### AIM OF THE EXERCISE
An exact copy of the data is needed, but without any of its images.

### RECORDS SHOWN
*** Block opens ***

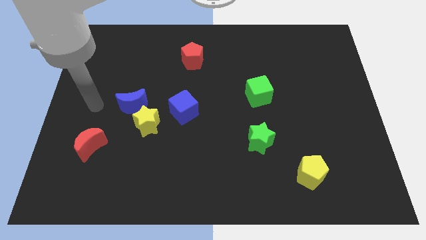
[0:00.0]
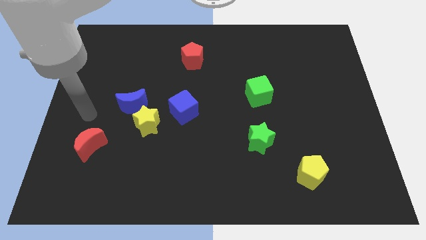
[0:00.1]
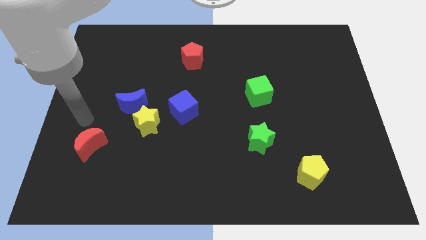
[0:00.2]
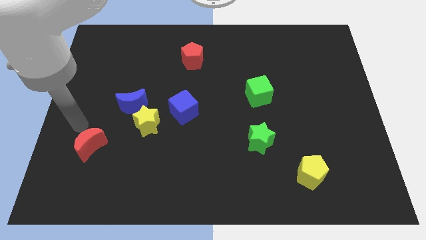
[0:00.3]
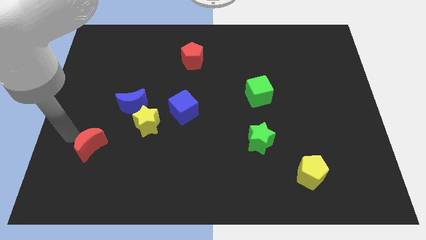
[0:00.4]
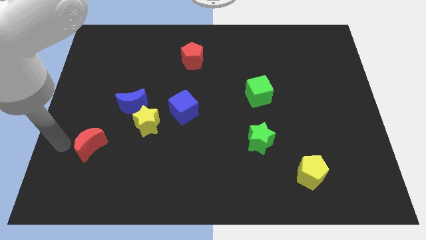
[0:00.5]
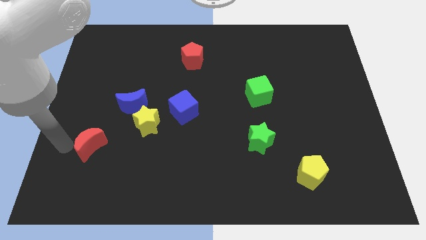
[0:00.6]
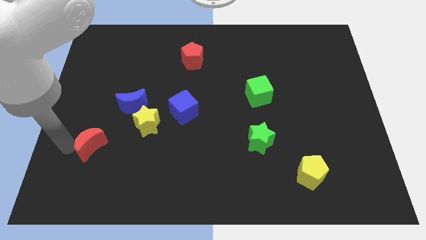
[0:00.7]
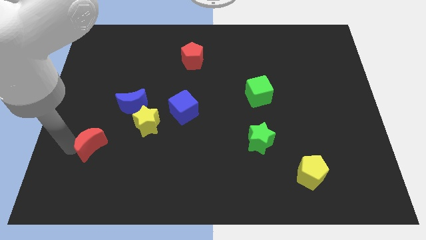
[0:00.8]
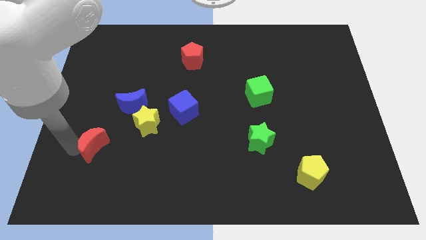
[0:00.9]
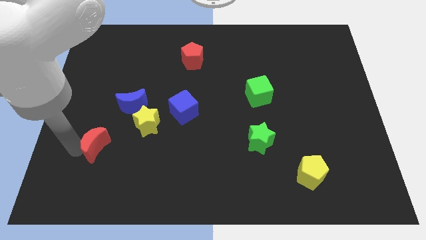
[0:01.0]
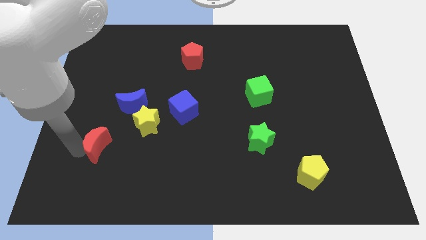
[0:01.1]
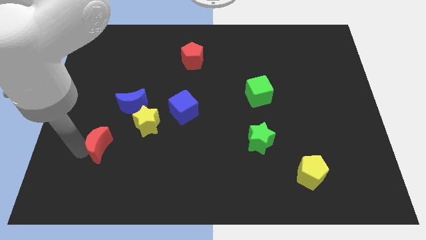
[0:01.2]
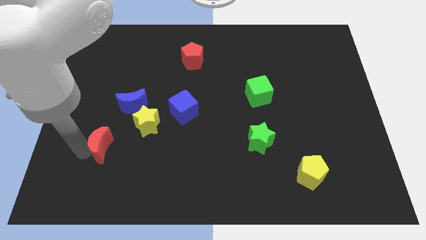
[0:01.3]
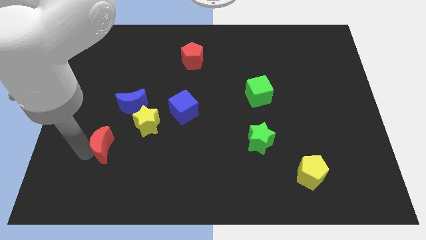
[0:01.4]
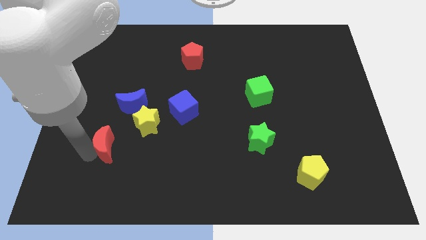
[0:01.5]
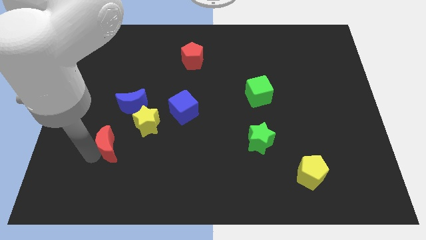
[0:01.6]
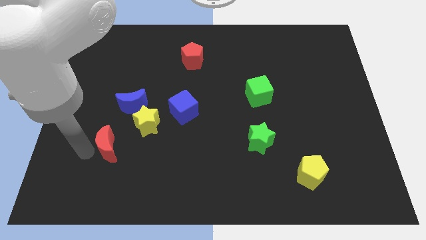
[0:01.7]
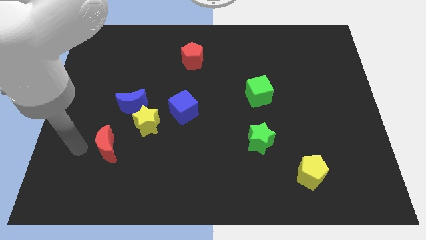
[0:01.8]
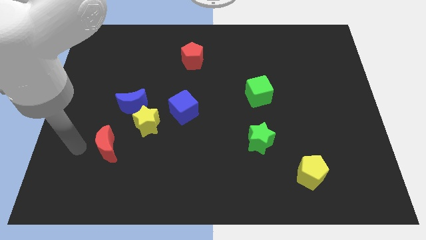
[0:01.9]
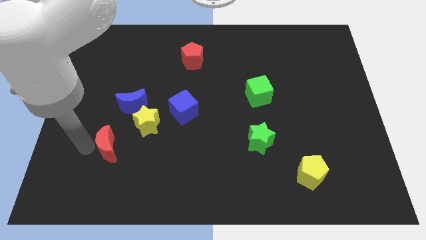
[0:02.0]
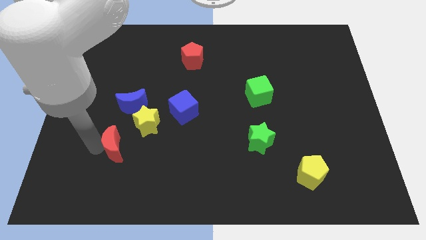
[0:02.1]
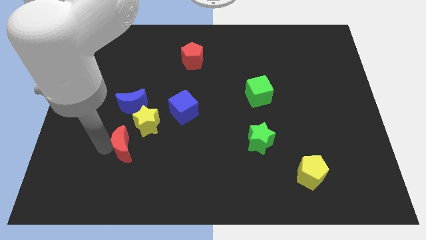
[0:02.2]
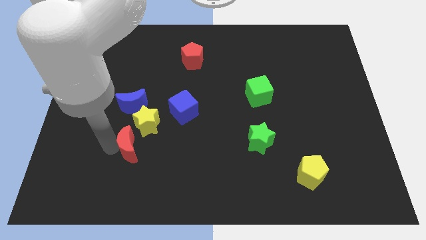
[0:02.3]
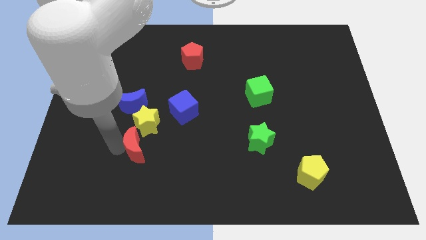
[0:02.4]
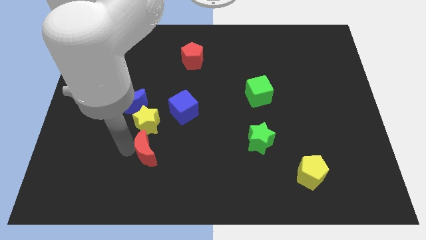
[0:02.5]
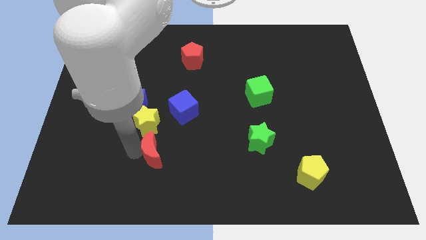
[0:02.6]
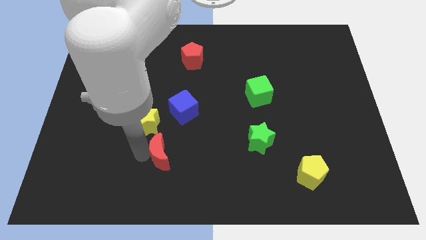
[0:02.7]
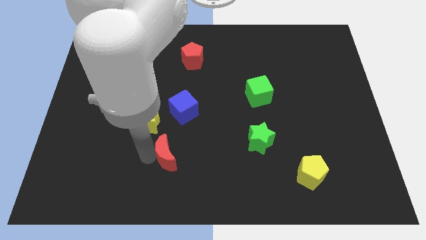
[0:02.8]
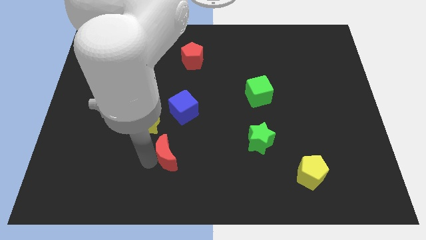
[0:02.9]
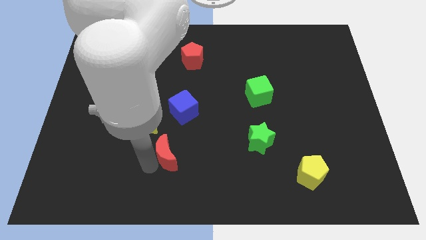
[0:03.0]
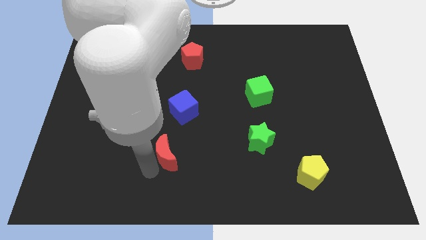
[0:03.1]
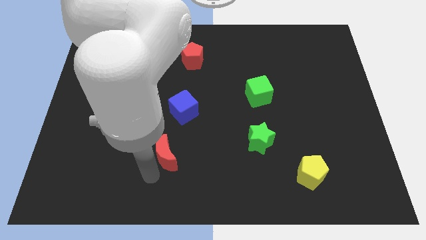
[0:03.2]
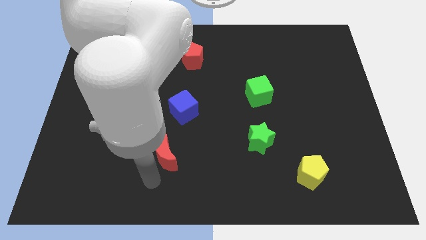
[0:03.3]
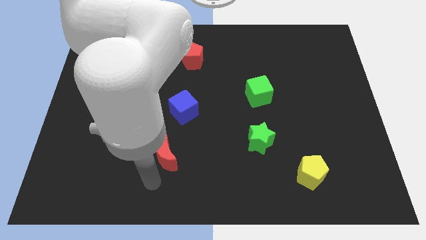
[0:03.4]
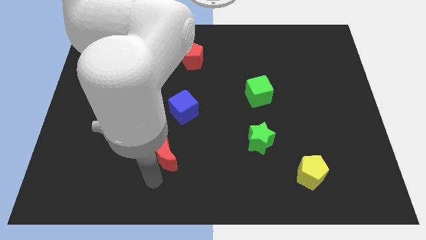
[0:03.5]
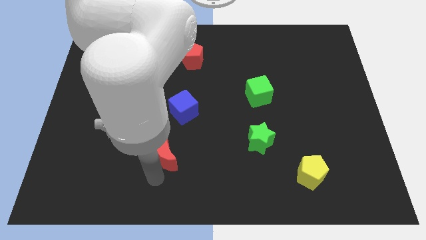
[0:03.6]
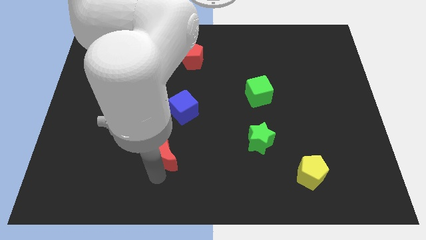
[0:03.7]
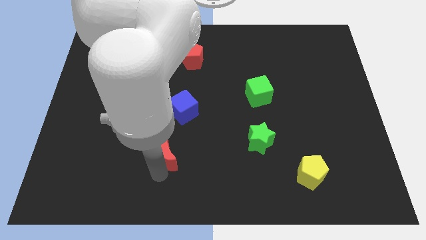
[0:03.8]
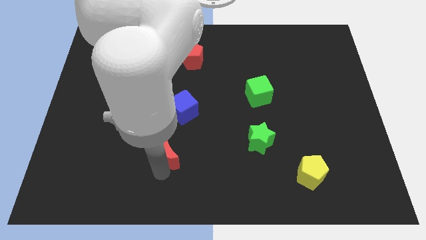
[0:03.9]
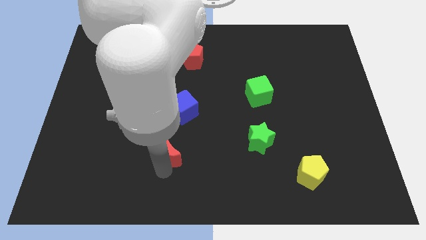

*** Block closes ***

### ANSWER SPACE
[0:00.0]
[0:00.1]
[0:00.2]
[0:00.3]
[0:00.4]
[0:00.5]
[0:00.6]
[0:00.7]
[0:00.8]
[0:00.9]
[0:01.0]
[0:01.1]
[0:01.2]
[0:01.3]
[0:01.4]
[0:01.5]
[0:01.6]
[0:01.7]
[0:01.8]
[0:01.9]
[0:02.0]
[0:02.1]
[0:02.2]
[0:02.3]
[0:02.4]
[0:02.5]
[0:02.6]
[0:02.7]
[0:02.8]
[0:02.9]
[0:03.0]
[0:03.1]
[0:03.2]
[0:03.3]
[0:03.4]
[0:03.5]
[0:03.6]
[0:03.7]
[0:03.8]
[0:03.9]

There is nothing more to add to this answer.